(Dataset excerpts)
···
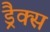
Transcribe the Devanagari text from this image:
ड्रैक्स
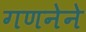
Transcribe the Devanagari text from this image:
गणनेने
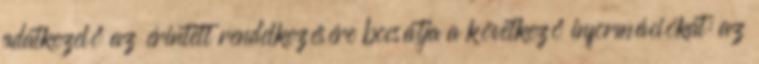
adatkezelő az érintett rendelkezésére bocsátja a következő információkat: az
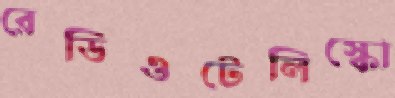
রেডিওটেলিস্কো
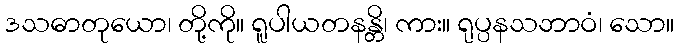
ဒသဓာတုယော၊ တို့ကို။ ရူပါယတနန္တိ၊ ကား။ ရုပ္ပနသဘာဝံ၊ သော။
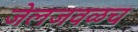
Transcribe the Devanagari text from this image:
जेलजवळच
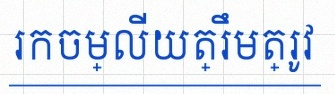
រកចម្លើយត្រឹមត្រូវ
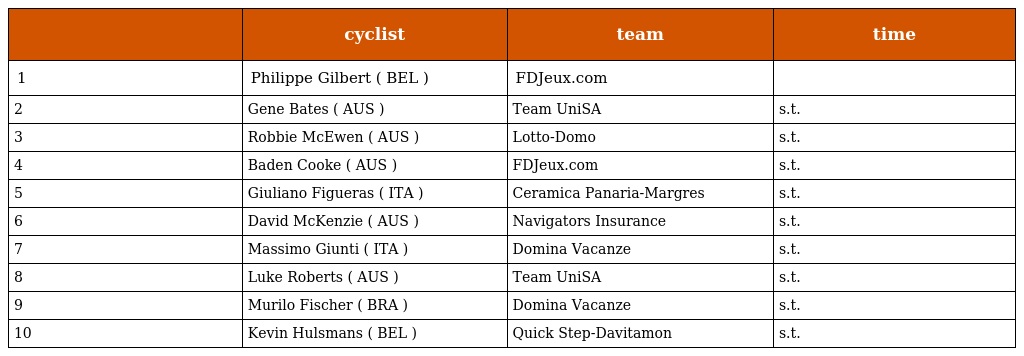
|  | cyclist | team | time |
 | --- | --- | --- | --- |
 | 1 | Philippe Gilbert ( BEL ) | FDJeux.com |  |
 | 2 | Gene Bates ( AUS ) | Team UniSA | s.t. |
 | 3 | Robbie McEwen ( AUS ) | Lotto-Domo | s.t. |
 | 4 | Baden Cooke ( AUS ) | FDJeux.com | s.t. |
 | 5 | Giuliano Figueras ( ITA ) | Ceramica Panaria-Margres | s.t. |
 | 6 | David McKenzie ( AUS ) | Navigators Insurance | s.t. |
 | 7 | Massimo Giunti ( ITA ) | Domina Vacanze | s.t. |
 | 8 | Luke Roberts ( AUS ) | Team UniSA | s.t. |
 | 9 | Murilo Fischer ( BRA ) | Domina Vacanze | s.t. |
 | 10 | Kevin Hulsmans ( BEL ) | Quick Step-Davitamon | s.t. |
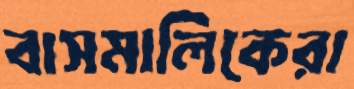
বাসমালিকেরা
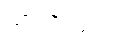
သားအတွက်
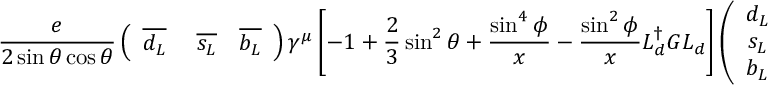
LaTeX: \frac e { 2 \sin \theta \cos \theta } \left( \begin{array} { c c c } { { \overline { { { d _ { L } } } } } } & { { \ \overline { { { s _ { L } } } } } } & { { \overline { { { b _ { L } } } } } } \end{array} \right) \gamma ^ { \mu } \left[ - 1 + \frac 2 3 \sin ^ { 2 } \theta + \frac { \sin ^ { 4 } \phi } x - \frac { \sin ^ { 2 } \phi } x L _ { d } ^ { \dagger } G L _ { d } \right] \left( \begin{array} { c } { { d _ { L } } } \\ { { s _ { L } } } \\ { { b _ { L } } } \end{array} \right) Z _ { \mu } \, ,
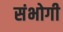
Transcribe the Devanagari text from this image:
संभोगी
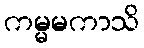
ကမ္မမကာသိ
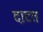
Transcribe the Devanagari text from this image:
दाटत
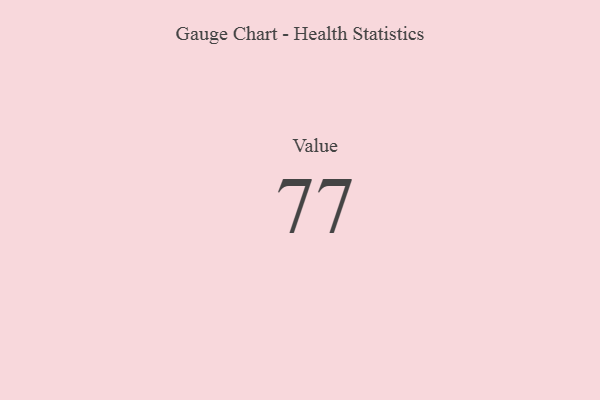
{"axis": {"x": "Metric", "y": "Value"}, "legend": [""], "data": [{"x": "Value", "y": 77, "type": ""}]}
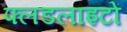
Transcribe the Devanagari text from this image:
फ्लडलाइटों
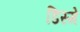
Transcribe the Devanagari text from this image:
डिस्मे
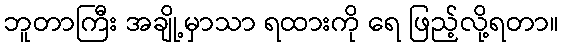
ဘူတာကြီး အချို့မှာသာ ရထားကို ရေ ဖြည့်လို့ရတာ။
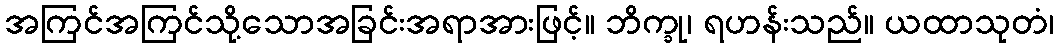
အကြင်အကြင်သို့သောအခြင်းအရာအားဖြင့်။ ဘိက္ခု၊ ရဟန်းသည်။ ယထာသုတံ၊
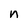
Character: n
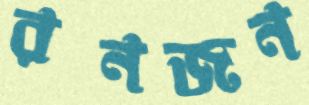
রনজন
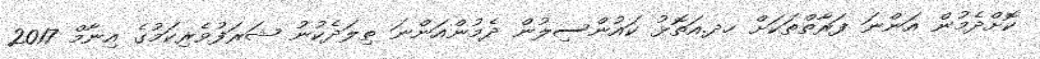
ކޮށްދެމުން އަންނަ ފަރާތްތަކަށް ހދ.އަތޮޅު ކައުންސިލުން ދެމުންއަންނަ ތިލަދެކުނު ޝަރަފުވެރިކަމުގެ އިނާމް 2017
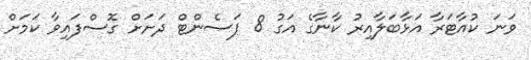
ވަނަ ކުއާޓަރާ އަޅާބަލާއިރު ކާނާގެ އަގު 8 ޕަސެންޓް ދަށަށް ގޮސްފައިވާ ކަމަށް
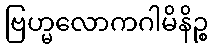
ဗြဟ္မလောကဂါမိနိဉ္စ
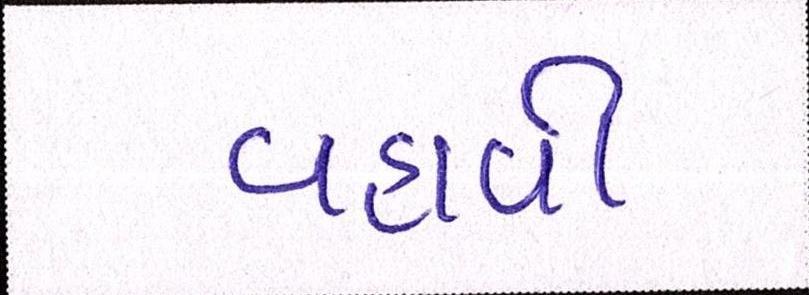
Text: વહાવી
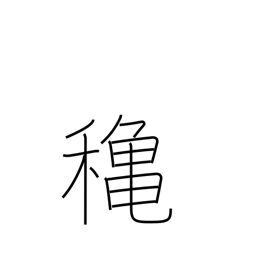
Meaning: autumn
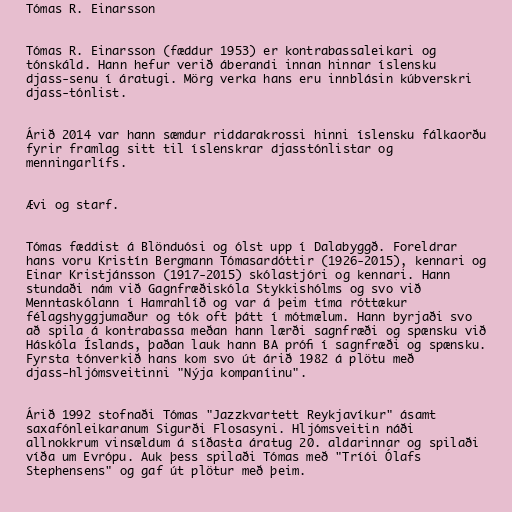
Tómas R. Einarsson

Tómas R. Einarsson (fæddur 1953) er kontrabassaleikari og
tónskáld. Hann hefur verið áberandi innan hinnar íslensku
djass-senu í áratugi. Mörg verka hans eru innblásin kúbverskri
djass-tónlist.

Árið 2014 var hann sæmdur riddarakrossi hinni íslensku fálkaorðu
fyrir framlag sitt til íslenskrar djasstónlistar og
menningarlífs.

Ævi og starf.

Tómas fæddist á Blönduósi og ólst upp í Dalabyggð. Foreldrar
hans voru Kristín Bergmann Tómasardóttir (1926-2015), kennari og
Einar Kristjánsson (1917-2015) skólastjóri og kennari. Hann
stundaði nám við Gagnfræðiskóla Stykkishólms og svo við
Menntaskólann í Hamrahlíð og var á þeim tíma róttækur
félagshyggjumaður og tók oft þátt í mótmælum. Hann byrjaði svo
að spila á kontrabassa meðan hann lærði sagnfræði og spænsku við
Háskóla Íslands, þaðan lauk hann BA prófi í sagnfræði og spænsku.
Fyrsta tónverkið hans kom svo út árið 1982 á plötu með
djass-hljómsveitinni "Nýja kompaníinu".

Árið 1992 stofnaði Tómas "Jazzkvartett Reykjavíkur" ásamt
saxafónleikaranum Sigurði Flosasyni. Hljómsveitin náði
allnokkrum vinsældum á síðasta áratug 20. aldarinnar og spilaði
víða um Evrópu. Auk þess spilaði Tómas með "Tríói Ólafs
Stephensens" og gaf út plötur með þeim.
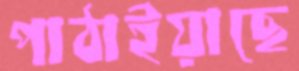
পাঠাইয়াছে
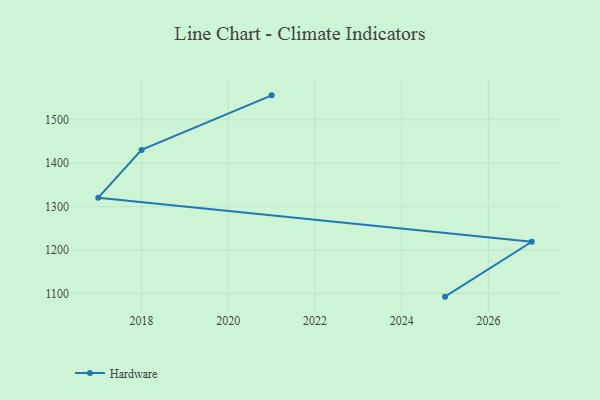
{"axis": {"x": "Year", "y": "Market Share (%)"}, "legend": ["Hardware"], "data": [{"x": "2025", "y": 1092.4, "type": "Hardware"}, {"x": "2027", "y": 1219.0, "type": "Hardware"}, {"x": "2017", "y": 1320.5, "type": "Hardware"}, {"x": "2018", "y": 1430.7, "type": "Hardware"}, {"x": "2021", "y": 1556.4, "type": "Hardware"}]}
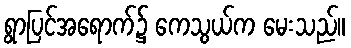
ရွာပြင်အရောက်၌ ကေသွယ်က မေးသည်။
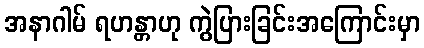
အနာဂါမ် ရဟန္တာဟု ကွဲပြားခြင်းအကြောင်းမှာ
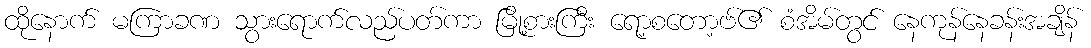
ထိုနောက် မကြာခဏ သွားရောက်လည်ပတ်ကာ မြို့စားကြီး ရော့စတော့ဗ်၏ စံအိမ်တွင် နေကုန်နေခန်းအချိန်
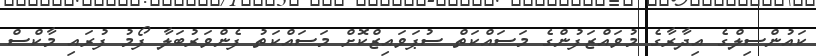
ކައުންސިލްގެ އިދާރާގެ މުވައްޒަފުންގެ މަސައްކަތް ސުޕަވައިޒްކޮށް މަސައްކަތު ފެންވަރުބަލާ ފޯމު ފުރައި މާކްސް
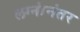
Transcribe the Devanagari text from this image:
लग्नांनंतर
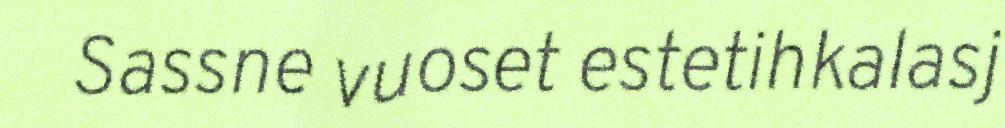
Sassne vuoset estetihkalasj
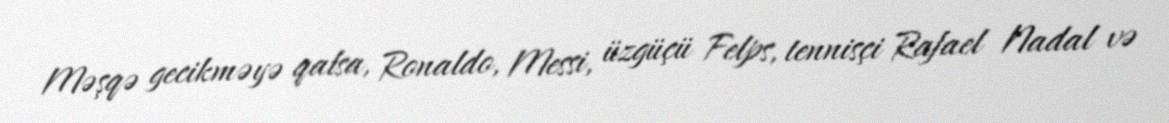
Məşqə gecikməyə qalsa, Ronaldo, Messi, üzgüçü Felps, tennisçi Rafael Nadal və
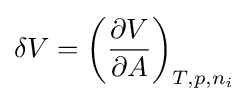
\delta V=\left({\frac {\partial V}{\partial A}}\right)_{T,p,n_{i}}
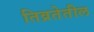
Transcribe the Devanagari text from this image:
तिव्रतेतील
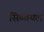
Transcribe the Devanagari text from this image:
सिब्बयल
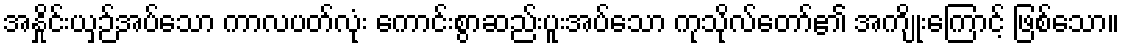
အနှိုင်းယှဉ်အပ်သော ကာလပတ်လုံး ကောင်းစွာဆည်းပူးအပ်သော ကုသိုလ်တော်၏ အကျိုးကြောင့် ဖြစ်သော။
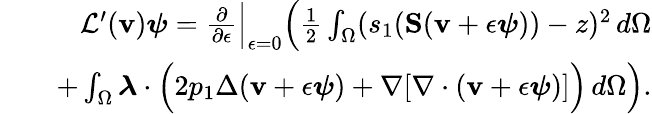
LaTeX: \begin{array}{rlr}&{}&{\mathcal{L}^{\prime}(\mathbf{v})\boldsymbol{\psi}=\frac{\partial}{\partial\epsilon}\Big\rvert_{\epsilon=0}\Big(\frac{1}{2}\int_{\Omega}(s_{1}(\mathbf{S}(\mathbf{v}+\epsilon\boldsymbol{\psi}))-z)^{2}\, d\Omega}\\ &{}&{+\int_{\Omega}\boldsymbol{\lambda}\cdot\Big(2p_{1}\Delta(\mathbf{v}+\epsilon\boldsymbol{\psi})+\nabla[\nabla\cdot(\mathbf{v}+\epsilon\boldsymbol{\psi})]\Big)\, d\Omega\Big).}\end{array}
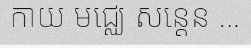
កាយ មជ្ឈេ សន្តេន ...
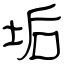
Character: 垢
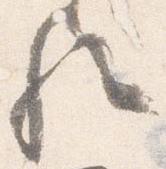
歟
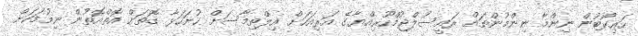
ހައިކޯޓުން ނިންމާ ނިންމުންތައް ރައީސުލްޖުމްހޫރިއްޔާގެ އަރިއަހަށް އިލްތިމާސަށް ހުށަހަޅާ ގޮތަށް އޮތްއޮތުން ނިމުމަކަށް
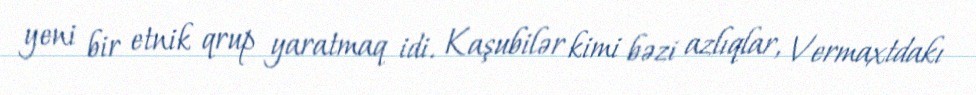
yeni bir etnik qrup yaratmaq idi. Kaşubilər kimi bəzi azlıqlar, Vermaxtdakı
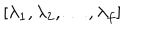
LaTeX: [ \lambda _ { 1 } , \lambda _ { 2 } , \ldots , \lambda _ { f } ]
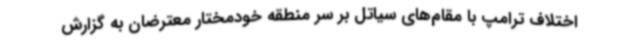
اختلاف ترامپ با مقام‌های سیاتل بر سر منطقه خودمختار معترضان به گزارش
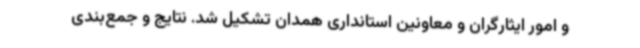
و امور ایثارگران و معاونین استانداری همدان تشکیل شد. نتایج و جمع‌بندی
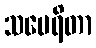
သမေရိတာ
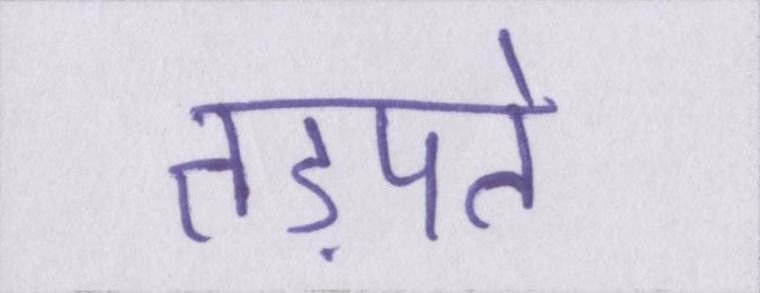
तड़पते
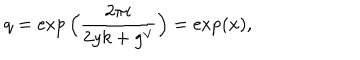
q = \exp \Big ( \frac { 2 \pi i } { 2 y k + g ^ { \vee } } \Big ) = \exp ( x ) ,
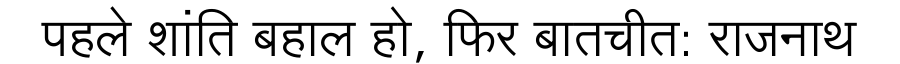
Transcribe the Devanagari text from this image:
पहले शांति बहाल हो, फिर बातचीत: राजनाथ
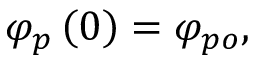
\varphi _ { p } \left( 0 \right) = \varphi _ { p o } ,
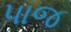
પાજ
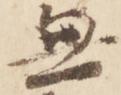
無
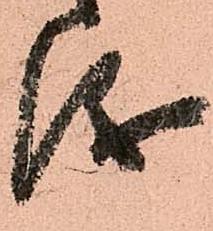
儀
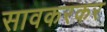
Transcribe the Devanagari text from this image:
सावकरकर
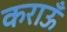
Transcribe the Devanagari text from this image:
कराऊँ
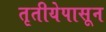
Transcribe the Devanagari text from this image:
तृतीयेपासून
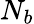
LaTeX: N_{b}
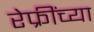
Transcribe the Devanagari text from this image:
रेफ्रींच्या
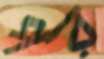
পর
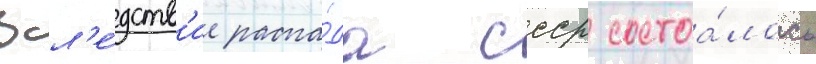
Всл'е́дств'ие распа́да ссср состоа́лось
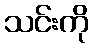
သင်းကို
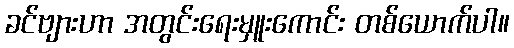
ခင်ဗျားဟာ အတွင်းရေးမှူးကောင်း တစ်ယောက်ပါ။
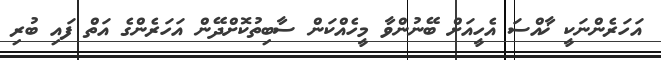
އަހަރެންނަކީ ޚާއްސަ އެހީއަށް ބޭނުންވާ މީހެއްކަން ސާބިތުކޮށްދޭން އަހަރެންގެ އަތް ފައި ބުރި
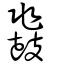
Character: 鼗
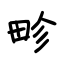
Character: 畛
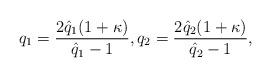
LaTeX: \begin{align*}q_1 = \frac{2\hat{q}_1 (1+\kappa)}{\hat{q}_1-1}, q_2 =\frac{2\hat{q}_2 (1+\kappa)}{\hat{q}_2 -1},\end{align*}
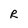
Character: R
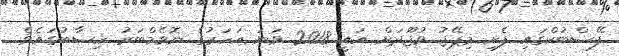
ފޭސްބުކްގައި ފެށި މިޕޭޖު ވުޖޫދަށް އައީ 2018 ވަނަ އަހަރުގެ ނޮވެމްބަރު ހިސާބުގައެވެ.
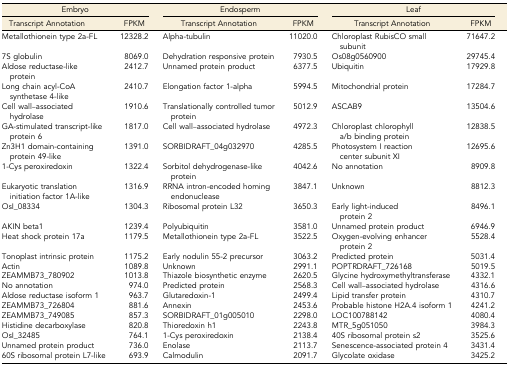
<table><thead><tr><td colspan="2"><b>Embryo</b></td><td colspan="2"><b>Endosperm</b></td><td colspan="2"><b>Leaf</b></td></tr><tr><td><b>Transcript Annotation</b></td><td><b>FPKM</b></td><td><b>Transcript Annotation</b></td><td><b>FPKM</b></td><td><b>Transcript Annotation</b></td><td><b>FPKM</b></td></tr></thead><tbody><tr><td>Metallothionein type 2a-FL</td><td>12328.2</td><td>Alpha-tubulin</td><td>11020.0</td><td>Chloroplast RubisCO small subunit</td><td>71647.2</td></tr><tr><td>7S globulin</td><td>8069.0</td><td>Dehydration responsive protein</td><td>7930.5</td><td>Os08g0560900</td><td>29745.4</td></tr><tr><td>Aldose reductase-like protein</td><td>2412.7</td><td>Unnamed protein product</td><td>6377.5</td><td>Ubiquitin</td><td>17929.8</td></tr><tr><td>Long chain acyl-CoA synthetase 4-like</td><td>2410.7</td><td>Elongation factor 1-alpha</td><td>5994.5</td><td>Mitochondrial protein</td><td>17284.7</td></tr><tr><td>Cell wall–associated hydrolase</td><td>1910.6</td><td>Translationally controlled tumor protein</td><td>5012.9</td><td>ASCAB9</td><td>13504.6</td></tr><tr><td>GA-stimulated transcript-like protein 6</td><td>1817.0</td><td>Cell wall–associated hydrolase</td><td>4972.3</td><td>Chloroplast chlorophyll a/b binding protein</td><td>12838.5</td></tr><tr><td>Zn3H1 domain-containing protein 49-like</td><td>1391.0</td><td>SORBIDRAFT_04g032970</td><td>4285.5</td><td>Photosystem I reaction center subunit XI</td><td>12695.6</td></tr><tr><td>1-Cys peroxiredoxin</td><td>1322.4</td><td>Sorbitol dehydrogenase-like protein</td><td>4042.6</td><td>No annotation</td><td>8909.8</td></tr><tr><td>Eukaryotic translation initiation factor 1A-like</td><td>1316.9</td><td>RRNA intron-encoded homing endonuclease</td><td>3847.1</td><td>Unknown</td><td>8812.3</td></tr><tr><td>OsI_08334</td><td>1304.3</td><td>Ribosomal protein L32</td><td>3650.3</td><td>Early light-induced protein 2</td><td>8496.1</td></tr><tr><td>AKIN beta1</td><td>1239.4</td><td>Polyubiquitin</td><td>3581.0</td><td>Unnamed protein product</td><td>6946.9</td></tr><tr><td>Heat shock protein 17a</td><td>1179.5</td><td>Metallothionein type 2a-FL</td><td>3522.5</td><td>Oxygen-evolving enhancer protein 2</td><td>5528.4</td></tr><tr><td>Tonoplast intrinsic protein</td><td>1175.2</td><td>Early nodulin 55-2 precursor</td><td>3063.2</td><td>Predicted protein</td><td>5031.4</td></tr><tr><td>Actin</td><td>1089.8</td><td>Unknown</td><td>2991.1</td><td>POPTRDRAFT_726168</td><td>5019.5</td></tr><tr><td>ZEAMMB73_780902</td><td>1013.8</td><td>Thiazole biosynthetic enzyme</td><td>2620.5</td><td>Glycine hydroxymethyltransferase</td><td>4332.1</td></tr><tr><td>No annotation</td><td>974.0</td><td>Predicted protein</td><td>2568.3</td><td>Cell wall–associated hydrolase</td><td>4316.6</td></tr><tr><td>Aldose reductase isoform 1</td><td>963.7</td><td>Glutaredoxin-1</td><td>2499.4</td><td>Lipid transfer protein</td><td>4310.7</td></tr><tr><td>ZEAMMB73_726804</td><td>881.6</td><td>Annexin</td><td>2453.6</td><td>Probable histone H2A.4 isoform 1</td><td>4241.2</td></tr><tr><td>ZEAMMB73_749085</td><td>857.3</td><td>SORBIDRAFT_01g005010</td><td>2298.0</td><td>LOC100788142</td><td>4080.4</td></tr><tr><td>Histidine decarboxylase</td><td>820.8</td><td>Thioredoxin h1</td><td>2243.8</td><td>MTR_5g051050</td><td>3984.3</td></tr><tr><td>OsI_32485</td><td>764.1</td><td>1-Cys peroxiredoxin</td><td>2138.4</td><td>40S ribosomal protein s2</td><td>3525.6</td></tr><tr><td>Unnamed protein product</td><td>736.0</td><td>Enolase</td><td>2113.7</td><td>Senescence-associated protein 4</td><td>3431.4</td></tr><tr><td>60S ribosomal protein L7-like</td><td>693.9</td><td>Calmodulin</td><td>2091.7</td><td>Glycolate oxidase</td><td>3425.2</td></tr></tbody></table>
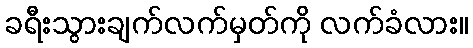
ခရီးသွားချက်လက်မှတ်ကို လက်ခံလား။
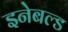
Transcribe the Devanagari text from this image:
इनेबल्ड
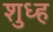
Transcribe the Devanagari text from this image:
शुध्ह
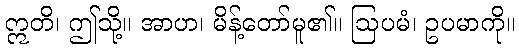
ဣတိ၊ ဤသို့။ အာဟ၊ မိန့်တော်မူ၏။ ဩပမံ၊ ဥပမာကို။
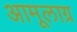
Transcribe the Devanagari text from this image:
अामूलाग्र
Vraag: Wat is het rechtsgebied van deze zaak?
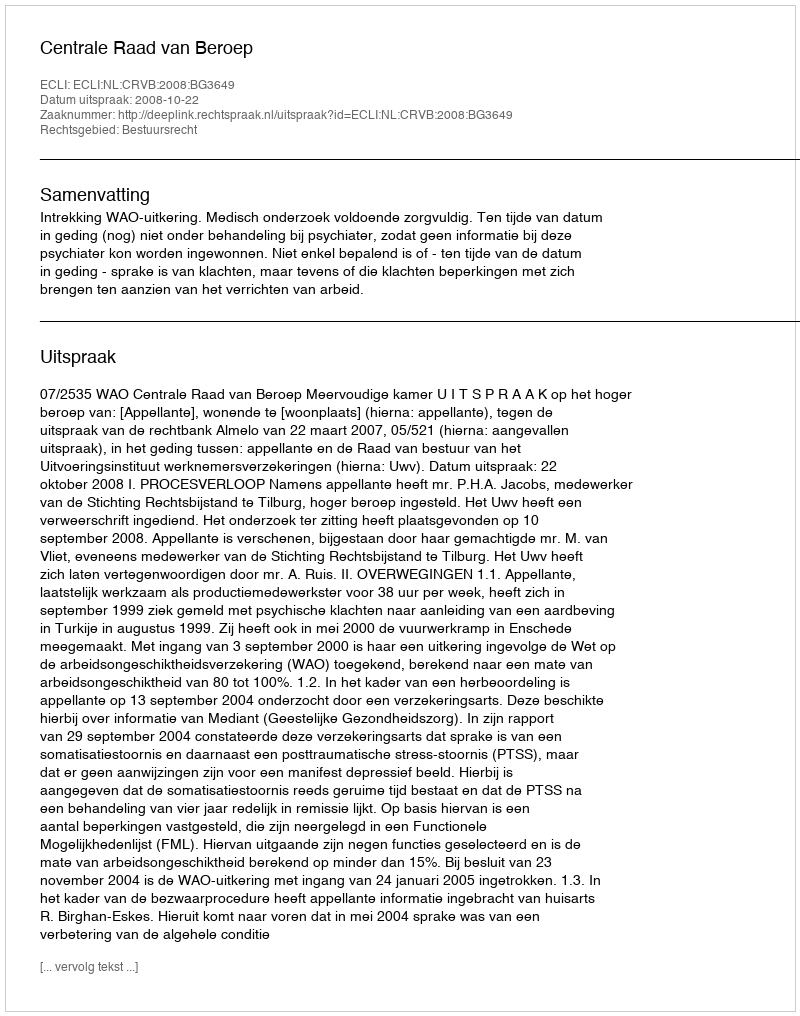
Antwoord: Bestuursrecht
···
ABOUT THIS TASK: Which lines above run from the one containing "Einar Kristjánsson (1917-2015)" to the one containing "Árið 1992 stofnaði"? Give them again exactly, both ends included.

SOLUTION TO THIS PROBLEM:
Einar Kristjánsson (1917-2015) skólastjóri og kennari. Hann
stundaði nám við Gagnfræðiskóla Stykkishólms og svo við
Menntaskólann í Hamrahlíð og var á þeim tíma róttækur
félagshyggjumaður og tók oft þátt í mótmælum. Hann byrjaði svo
að spila á kontrabassa meðan hann lærði sagnfræði og spænsku við
Háskóla Íslands, þaðan lauk hann BA prófi í sagnfræði og spænsku.
Fyrsta tónverkið hans kom svo út árið 1982 á plötu með
djass-hljómsveitinni "Nýja kompaníinu".

Árið 1992 stofnaði Tómas "Jazzkvartett Reykjavíkur" ásamt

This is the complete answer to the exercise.